*** Begin section ***

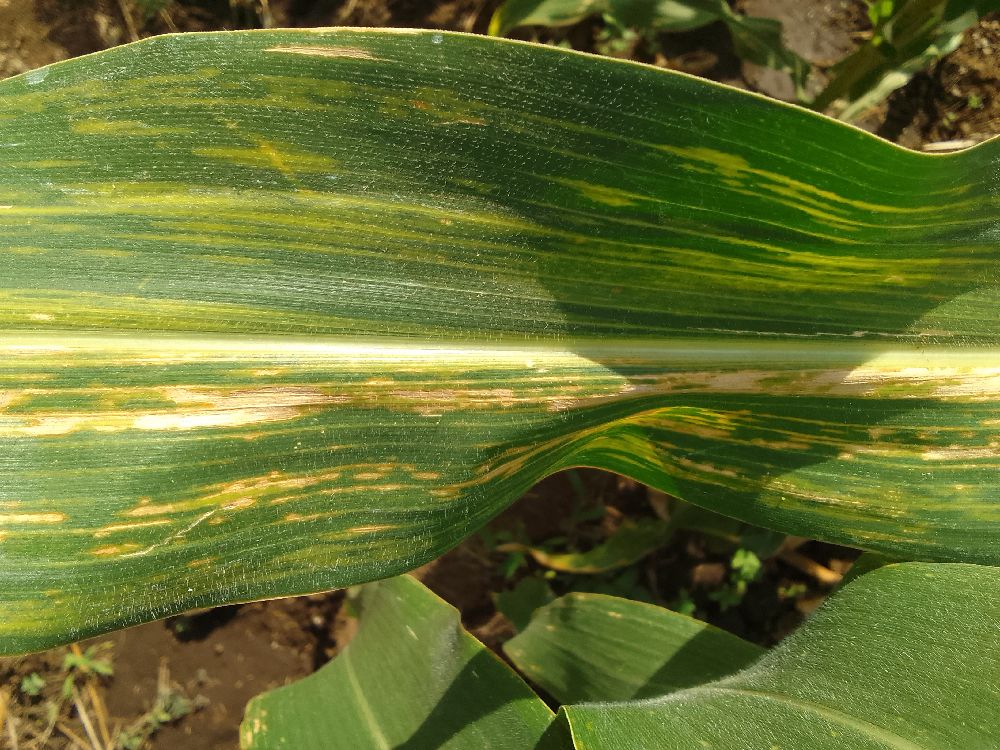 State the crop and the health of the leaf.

maize, maize lethal necrosis
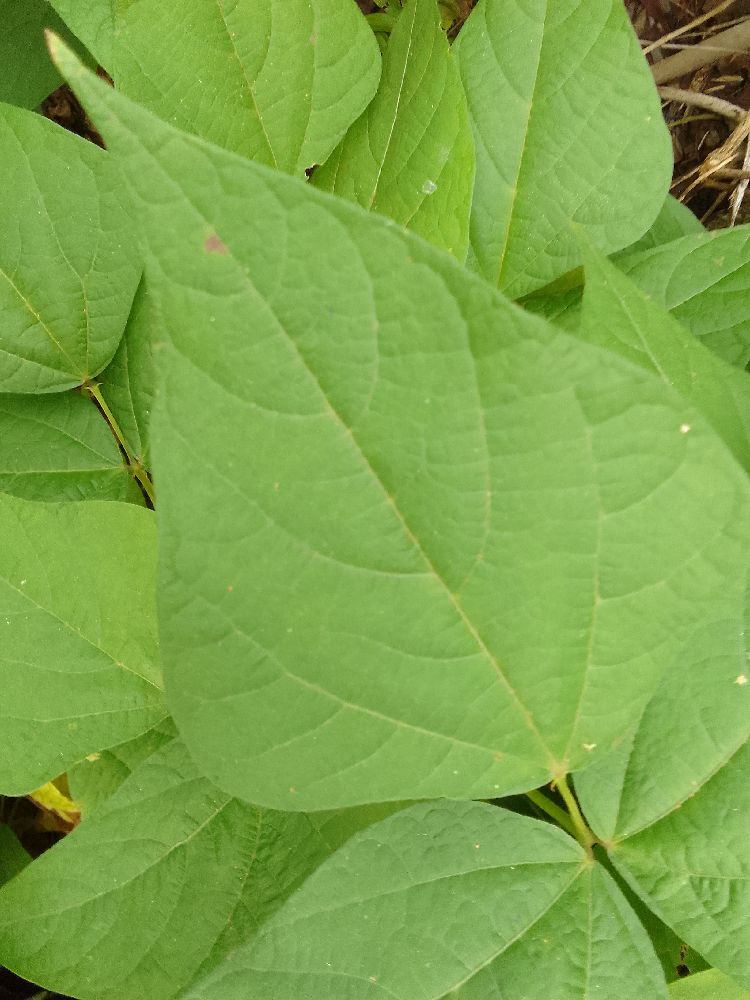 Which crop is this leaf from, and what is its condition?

common bean, healthy
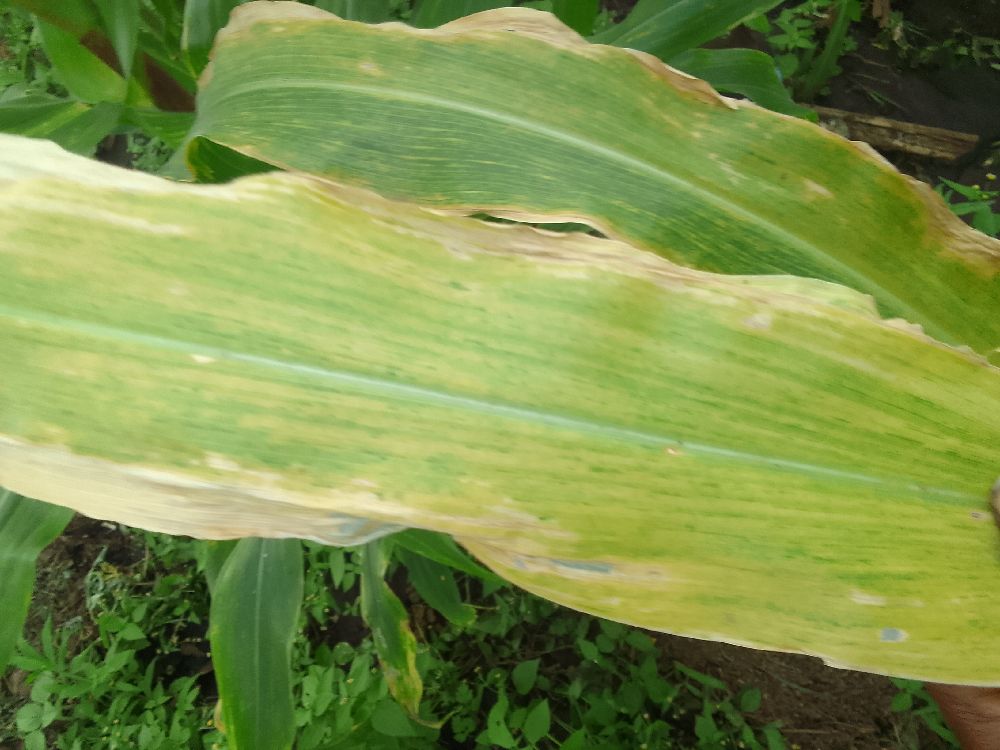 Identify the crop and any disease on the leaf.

maize, maize lethal necrosis
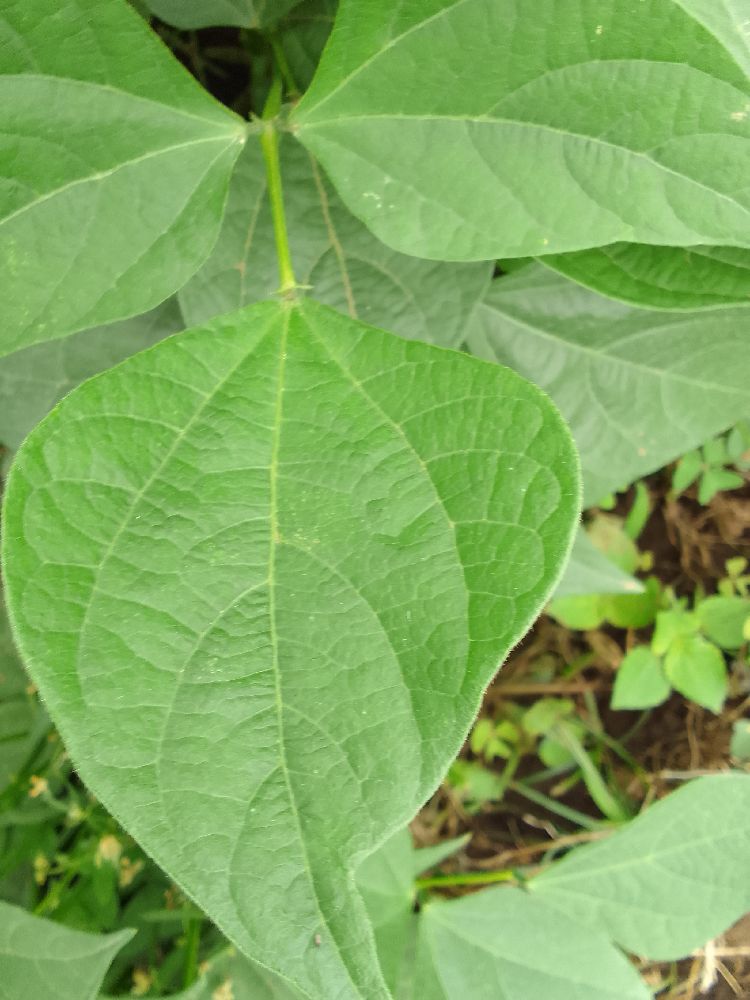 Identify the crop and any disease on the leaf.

common bean, healthy

*** End section ***

* _Work task_
Leave out the pictures and give the listing above again exactly.

* _Exercise response_
 State the crop and the health of the leaf.

maize, maize lethal necrosis
 Which crop is this leaf from, and what is its condition?

common bean, healthy
 Identify the crop and any disease on the leaf.

maize, maize lethal necrosis
 Identify the crop and any disease on the leaf.

common bean, healthy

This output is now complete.